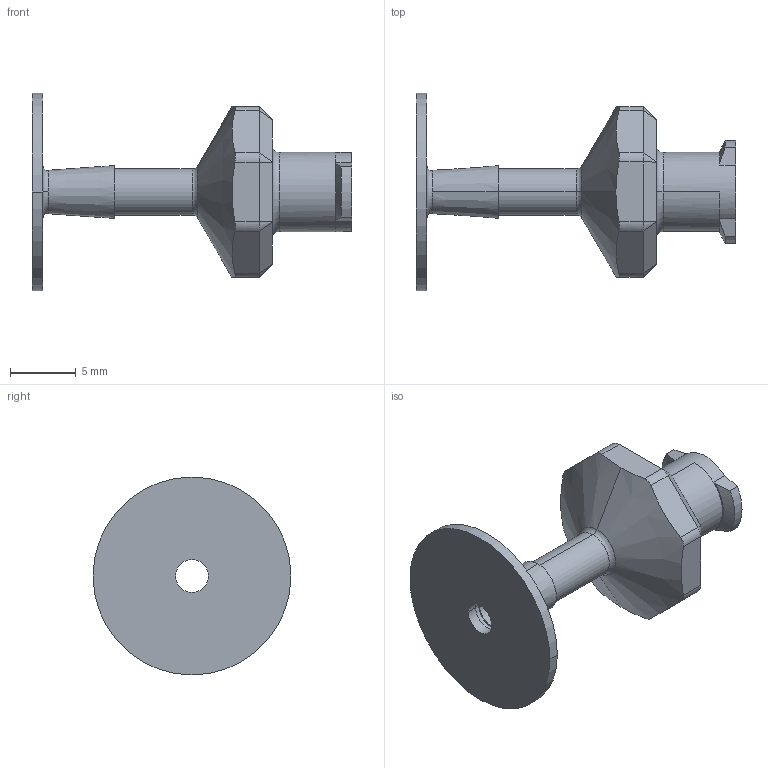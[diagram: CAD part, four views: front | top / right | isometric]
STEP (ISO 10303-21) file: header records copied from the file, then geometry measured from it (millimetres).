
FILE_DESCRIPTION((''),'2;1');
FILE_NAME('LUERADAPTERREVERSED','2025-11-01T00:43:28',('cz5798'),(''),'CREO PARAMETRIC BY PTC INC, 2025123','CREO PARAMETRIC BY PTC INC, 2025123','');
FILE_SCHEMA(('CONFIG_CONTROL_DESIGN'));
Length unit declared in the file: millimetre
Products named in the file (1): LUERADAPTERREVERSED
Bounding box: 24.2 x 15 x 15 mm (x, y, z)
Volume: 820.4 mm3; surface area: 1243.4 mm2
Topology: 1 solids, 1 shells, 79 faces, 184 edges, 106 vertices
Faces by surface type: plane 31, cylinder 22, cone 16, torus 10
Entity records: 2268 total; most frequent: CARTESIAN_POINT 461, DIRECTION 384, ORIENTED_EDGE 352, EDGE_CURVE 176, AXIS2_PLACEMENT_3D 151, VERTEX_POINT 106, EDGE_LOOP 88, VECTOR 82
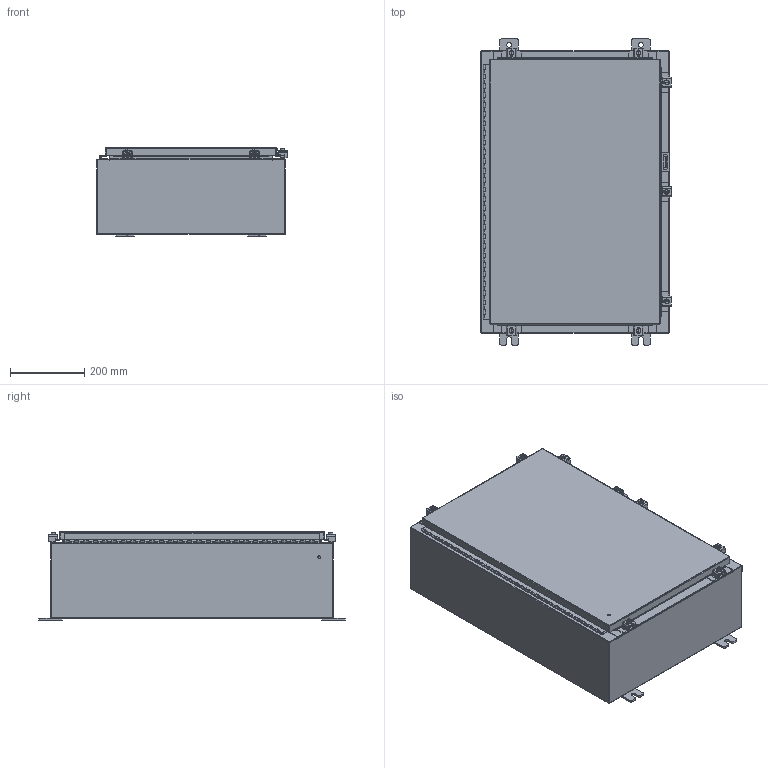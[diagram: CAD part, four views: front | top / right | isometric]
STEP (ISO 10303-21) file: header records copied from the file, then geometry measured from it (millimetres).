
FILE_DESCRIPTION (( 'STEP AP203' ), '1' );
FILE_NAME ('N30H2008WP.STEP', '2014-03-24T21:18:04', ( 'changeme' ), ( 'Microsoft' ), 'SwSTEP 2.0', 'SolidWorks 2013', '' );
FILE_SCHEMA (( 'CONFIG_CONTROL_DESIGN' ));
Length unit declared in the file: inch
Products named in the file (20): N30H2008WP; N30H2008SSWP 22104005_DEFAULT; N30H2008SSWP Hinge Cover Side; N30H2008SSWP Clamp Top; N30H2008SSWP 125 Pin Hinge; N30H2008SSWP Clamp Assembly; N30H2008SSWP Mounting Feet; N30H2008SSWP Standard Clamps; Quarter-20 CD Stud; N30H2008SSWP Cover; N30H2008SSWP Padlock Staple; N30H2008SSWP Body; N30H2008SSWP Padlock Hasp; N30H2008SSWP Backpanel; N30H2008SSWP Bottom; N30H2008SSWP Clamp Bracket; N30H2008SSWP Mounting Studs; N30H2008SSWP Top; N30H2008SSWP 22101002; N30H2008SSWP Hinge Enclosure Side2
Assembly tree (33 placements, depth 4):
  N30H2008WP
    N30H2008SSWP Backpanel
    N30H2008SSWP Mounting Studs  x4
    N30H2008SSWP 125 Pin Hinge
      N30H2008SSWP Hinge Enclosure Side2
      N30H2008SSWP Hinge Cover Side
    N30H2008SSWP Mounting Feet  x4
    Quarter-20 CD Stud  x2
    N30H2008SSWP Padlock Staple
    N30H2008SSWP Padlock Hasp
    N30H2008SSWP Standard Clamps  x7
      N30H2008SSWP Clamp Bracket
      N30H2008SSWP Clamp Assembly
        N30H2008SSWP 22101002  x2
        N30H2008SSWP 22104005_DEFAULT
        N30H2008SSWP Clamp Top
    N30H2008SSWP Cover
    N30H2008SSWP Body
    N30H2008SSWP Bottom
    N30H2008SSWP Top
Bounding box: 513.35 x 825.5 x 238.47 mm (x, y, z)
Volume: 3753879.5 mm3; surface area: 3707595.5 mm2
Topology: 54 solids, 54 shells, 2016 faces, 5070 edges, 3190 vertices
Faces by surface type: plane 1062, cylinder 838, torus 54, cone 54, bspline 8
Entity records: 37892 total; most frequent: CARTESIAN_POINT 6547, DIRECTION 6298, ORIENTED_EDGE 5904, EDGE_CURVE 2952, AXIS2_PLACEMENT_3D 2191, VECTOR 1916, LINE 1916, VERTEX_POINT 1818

┄┄┄┄┄┄┄┄┄┄┄┄┄┄┄┄┄┄┄┄

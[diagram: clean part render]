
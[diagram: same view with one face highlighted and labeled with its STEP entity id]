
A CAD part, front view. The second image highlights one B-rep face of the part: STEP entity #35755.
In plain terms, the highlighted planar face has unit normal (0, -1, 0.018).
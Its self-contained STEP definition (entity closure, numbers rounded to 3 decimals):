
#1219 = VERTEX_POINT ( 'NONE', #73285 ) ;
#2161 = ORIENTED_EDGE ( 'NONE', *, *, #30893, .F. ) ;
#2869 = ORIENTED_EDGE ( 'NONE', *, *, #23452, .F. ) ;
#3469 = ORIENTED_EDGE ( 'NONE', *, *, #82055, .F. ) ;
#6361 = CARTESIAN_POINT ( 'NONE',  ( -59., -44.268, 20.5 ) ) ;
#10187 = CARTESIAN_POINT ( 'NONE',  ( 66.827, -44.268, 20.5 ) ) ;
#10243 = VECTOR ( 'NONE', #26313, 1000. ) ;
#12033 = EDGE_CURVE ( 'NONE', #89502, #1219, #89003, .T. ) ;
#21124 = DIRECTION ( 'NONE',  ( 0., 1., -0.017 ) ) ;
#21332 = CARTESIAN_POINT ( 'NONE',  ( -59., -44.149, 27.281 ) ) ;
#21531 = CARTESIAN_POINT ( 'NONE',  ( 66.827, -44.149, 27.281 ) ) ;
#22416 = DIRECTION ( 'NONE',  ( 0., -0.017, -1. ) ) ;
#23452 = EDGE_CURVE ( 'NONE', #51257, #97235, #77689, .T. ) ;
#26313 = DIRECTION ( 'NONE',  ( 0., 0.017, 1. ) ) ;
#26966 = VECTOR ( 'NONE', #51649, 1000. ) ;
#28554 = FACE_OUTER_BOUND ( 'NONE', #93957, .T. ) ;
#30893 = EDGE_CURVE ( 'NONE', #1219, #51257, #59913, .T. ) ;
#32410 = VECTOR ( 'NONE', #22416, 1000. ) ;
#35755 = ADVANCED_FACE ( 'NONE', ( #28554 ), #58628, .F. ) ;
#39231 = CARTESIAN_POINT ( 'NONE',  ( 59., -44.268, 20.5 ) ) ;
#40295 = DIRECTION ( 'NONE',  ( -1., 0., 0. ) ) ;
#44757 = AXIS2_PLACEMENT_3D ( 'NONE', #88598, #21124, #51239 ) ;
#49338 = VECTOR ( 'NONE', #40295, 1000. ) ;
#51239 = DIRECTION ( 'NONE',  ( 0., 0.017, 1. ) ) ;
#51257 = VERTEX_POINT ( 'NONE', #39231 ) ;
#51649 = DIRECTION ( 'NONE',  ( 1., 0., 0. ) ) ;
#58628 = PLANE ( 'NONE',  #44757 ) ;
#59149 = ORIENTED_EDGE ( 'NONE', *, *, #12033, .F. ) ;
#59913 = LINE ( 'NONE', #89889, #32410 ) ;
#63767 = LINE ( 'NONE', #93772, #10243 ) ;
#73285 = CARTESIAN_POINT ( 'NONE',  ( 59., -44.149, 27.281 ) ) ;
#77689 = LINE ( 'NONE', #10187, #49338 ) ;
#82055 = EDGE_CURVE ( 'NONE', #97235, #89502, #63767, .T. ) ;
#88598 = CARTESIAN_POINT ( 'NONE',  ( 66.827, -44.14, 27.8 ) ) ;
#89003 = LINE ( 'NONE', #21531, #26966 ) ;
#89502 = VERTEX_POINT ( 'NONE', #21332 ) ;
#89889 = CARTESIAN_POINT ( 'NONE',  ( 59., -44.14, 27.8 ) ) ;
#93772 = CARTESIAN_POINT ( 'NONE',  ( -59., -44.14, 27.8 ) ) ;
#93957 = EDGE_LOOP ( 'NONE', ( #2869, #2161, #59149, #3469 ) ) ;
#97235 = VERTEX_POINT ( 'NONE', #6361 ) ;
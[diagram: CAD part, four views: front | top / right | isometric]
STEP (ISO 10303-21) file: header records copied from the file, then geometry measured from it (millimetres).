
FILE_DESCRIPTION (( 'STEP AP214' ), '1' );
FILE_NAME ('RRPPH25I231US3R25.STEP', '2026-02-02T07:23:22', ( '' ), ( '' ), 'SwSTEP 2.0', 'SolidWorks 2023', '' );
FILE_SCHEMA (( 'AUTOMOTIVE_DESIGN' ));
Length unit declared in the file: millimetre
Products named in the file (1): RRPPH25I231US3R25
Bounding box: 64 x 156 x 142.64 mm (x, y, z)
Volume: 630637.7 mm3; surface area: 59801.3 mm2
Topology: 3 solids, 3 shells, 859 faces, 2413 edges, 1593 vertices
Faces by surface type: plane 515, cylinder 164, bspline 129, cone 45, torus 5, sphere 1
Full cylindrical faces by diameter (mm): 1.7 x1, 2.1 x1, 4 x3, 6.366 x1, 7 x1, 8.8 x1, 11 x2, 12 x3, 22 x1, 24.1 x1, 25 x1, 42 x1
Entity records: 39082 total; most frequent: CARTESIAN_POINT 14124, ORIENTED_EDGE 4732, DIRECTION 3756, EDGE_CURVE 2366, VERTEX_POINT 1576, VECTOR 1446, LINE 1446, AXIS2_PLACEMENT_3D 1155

┄┄┄┄┄┄┄┄┄┄┄┄┄┄┄┄┄┄┄┄

> [HOW TO COMPLETE THIS TASK]:
Sift the material for lines that include the word "cylinder", and copy each one.

> [RESPONSE FOR THIS EXERCISE]:
Faces by surface type: plane 31, cylinder 22, cone 16, torus 10
Faces by surface type: plane 1062, cylinder 838, torus 54, cone 54, bspline 8
Faces by surface type: plane 515, cylinder 164, bspline 129, cone 45, torus 5, sphere 1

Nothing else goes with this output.